▶ [Records from a data collection]:
=======

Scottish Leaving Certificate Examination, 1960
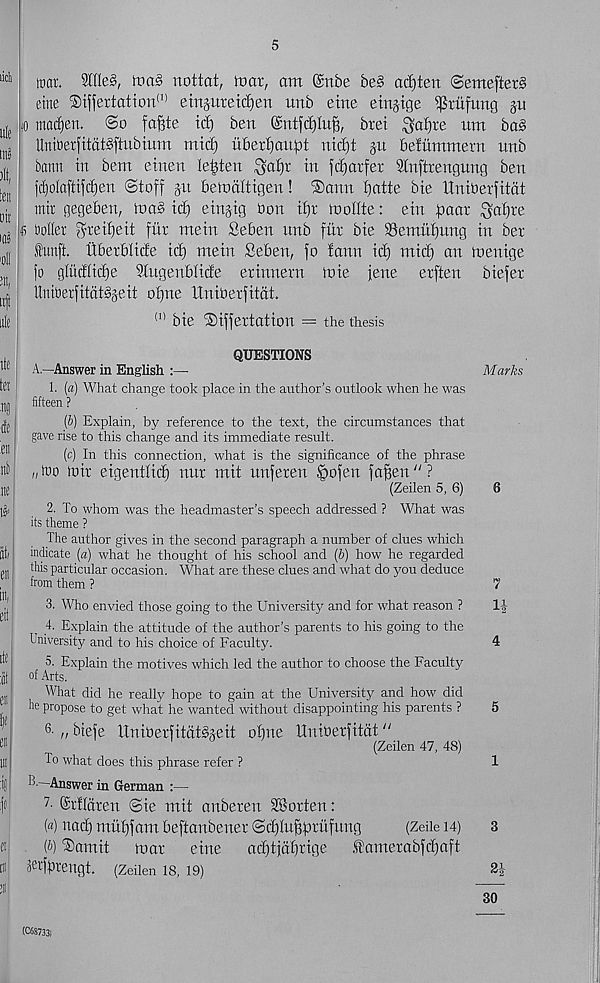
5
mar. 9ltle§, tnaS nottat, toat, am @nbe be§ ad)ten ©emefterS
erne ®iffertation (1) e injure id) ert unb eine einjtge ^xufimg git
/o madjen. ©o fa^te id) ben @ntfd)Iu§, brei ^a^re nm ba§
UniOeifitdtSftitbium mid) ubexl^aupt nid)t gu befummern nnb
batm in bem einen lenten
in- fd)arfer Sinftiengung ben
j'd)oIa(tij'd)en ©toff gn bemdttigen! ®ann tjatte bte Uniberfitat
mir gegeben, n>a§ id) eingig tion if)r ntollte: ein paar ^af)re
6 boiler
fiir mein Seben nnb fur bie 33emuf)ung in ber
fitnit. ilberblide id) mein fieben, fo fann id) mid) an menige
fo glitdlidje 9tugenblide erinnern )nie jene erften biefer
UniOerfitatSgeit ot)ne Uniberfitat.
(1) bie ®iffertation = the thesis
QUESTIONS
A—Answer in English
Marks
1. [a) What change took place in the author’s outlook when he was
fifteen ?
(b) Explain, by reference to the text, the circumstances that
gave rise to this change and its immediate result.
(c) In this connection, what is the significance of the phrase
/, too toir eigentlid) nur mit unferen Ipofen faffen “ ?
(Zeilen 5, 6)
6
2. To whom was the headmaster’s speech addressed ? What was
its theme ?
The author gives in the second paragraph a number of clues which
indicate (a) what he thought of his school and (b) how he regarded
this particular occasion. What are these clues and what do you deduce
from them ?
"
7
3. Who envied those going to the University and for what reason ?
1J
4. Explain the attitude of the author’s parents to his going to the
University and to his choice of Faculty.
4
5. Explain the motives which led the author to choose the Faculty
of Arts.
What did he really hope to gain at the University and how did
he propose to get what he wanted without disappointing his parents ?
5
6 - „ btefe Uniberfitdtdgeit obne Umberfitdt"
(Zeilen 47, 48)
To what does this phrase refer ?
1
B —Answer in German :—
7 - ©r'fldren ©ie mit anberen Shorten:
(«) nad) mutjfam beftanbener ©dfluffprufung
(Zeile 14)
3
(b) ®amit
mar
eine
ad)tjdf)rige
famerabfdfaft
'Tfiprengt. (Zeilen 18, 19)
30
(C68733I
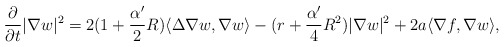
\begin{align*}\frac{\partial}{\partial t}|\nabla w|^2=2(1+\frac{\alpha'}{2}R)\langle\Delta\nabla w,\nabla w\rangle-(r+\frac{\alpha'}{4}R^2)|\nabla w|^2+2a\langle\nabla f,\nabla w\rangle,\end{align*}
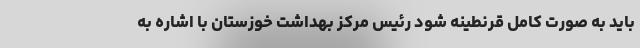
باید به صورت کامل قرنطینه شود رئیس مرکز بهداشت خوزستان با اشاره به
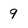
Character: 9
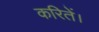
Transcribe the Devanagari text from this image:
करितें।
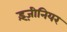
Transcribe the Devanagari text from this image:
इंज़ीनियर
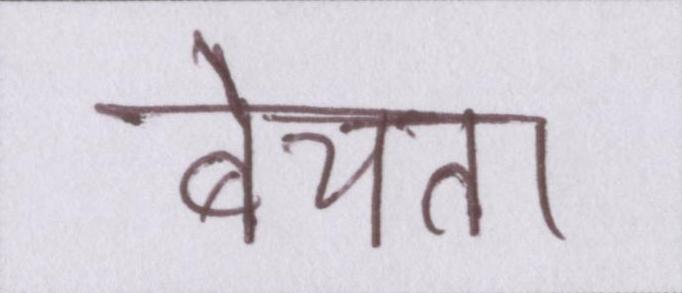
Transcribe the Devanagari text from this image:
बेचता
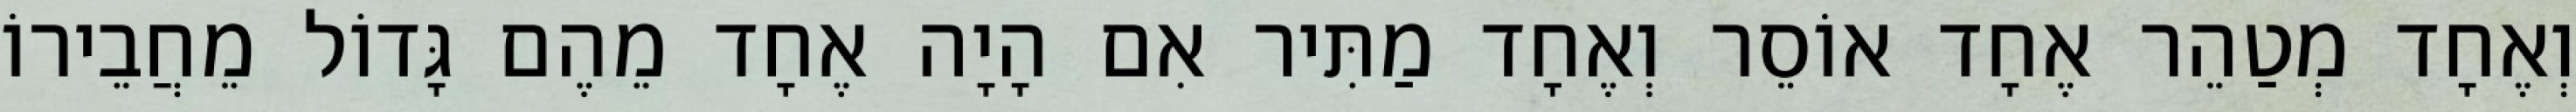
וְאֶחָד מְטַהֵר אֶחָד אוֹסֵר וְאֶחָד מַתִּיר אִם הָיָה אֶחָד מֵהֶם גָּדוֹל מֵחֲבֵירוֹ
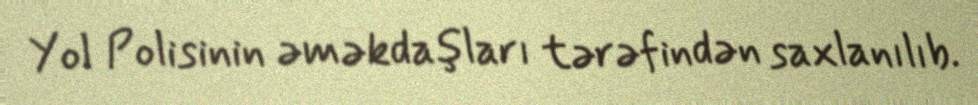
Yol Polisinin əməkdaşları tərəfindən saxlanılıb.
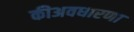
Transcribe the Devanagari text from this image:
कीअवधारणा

=======

Repeat every record precisely. Any picture among them stays out of the copy.

▶ [Reply]:
Scottish Leaving Certificate Examination, 1960
5
mar. 9ltle§, tnaS nottat, toat, am @nbe be§ ad)ten ©emefterS
erne ®iffertation (1) e injure id) ert unb eine einjtge ^xufimg git
/o madjen. ©o fa^te id) ben @ntfd)Iu§, brei ^a^re nm ba§
UniOeifitdtSftitbium mid) ubexl^aupt nid)t gu befummern nnb
batm in bem einen lenten
in- fd)arfer Sinftiengung ben
j'd)oIa(tij'd)en ©toff gn bemdttigen! ®ann tjatte bte Uniberfitat
mir gegeben, n>a§ id) eingig tion if)r ntollte: ein paar ^af)re
6 boiler
fiir mein Seben nnb fur bie 33emuf)ung in ber
fitnit. ilberblide id) mein fieben, fo fann id) mid) an menige
fo glitdlidje 9tugenblide erinnern )nie jene erften biefer
UniOerfitatSgeit ot)ne Uniberfitat.
(1) bie ®iffertation = the thesis
QUESTIONS
A—Answer in English
Marks
1. [a) What change took place in the author’s outlook when he was
fifteen ?
(b) Explain, by reference to the text, the circumstances that
gave rise to this change and its immediate result.
(c) In this connection, what is the significance of the phrase
/, too toir eigentlid) nur mit unferen Ipofen faffen “ ?
(Zeilen 5, 6)
6
2. To whom was the headmaster’s speech addressed ? What was
its theme ?
The author gives in the second paragraph a number of clues which
indicate (a) what he thought of his school and (b) how he regarded
this particular occasion. What are these clues and what do you deduce
from them ?
"
7
3. Who envied those going to the University and for what reason ?
1J
4. Explain the attitude of the author’s parents to his going to the
University and to his choice of Faculty.
4
5. Explain the motives which led the author to choose the Faculty
of Arts.
What did he really hope to gain at the University and how did
he propose to get what he wanted without disappointing his parents ?
5
6 - „ btefe Uniberfitdtdgeit obne Umberfitdt"
(Zeilen 47, 48)
To what does this phrase refer ?
1
B —Answer in German :—
7 - ©r'fldren ©ie mit anberen Shorten:
(«) nad) mutjfam beftanbener ©dfluffprufung
(Zeile 14)
3
(b) ®amit
mar
eine
ad)tjdf)rige
famerabfdfaft
'Tfiprengt. (Zeilen 18, 19)
30
(C68733I
\begin{align*}\frac{\partial}{\partial t}|\nabla w|^2=2(1+\frac{\alpha'}{2}R)\langle\Delta\nabla w,\nabla w\rangle-(r+\frac{\alpha'}{4}R^2)|\nabla w|^2+2a\langle\nabla f,\nabla w\rangle,\end{align*}
باید به صورت کامل قرنطینه شود رئیس مرکز بهداشت خوزستان با اشاره به
Character: 9
Transcribe the Devanagari text from this image:
करितें।
Transcribe the Devanagari text from this image:
इंज़ीनियर
Transcribe the Devanagari text from this image:
बेचता
וְאֶחָד מְטַהֵר אֶחָד אוֹסֵר וְאֶחָד מַתִּיר אִם הָיָה אֶחָד מֵהֶם גָּדוֹל מֵחֲבֵירוֹ
Yol Polisinin əməkdaşları tərəfindən saxlanılıb.
Transcribe the Devanagari text from this image:
कीअवधारणा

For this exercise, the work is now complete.